=== Material provided ===

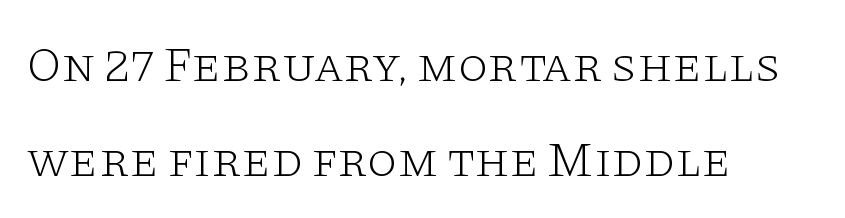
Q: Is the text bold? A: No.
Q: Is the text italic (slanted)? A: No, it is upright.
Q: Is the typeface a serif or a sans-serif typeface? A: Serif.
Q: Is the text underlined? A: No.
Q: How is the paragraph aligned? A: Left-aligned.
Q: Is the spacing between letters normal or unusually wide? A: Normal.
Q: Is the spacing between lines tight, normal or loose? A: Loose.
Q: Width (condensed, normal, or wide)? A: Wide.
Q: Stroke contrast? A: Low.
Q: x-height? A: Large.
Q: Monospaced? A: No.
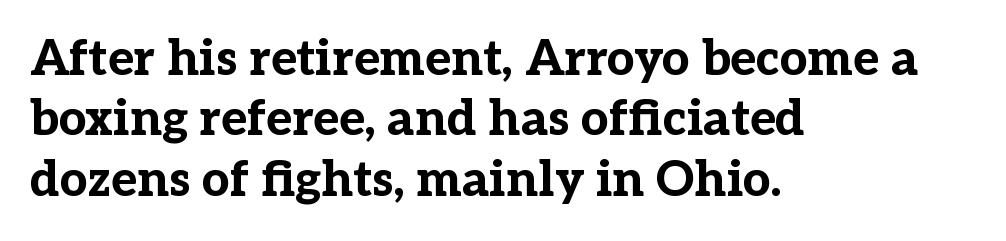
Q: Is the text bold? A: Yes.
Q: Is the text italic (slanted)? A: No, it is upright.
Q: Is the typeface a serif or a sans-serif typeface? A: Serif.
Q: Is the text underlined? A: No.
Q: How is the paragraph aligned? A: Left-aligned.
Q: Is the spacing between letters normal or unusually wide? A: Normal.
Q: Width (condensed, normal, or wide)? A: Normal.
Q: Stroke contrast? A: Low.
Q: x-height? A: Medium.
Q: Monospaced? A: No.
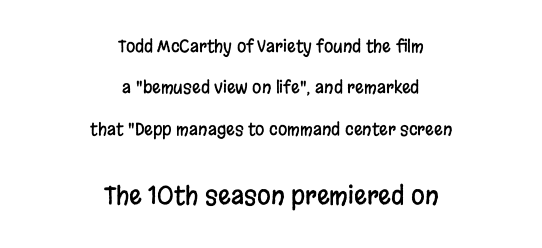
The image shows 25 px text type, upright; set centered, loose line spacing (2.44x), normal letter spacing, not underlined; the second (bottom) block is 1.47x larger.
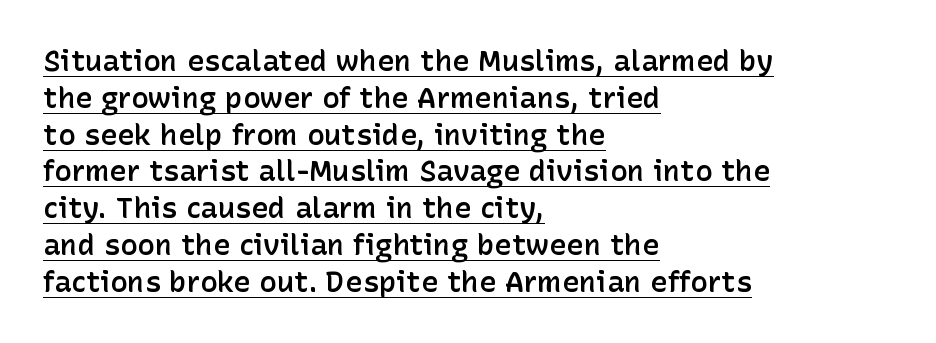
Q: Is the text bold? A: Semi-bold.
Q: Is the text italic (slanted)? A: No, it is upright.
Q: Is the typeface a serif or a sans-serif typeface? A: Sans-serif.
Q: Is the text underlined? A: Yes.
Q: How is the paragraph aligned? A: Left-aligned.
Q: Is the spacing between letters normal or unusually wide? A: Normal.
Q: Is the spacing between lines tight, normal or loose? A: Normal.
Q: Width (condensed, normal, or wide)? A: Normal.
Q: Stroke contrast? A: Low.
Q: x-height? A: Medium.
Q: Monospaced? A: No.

===
=== Material provided ===

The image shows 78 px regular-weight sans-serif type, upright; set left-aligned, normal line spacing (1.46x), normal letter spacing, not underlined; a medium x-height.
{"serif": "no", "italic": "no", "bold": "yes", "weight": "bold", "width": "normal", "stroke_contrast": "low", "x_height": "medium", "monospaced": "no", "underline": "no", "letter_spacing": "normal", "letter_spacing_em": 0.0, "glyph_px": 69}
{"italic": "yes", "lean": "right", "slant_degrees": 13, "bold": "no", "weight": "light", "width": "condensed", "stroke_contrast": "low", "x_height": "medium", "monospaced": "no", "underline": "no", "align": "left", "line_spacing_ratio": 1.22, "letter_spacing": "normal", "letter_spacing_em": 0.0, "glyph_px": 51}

===
=== Material provided ===

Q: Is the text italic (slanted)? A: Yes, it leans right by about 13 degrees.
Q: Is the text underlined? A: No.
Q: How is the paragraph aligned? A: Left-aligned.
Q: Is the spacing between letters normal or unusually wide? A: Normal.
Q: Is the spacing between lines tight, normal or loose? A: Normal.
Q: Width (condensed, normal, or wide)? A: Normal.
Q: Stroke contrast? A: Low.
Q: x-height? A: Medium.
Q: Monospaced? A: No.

===

**What is being asked**
The answer must consist of every line from the records above that holds "shows".

**Written response**
The image shows 25 px text type, upright; set centered, loose line spacing (2.44x), normal letter spacing, not underlined; the second (bottom) block is 1.47x larger.
The image shows 78 px regular-weight sans-serif type, upright; set left-aligned, normal line spacing (1.46x), normal letter spacing, not underlined; a medium x-height.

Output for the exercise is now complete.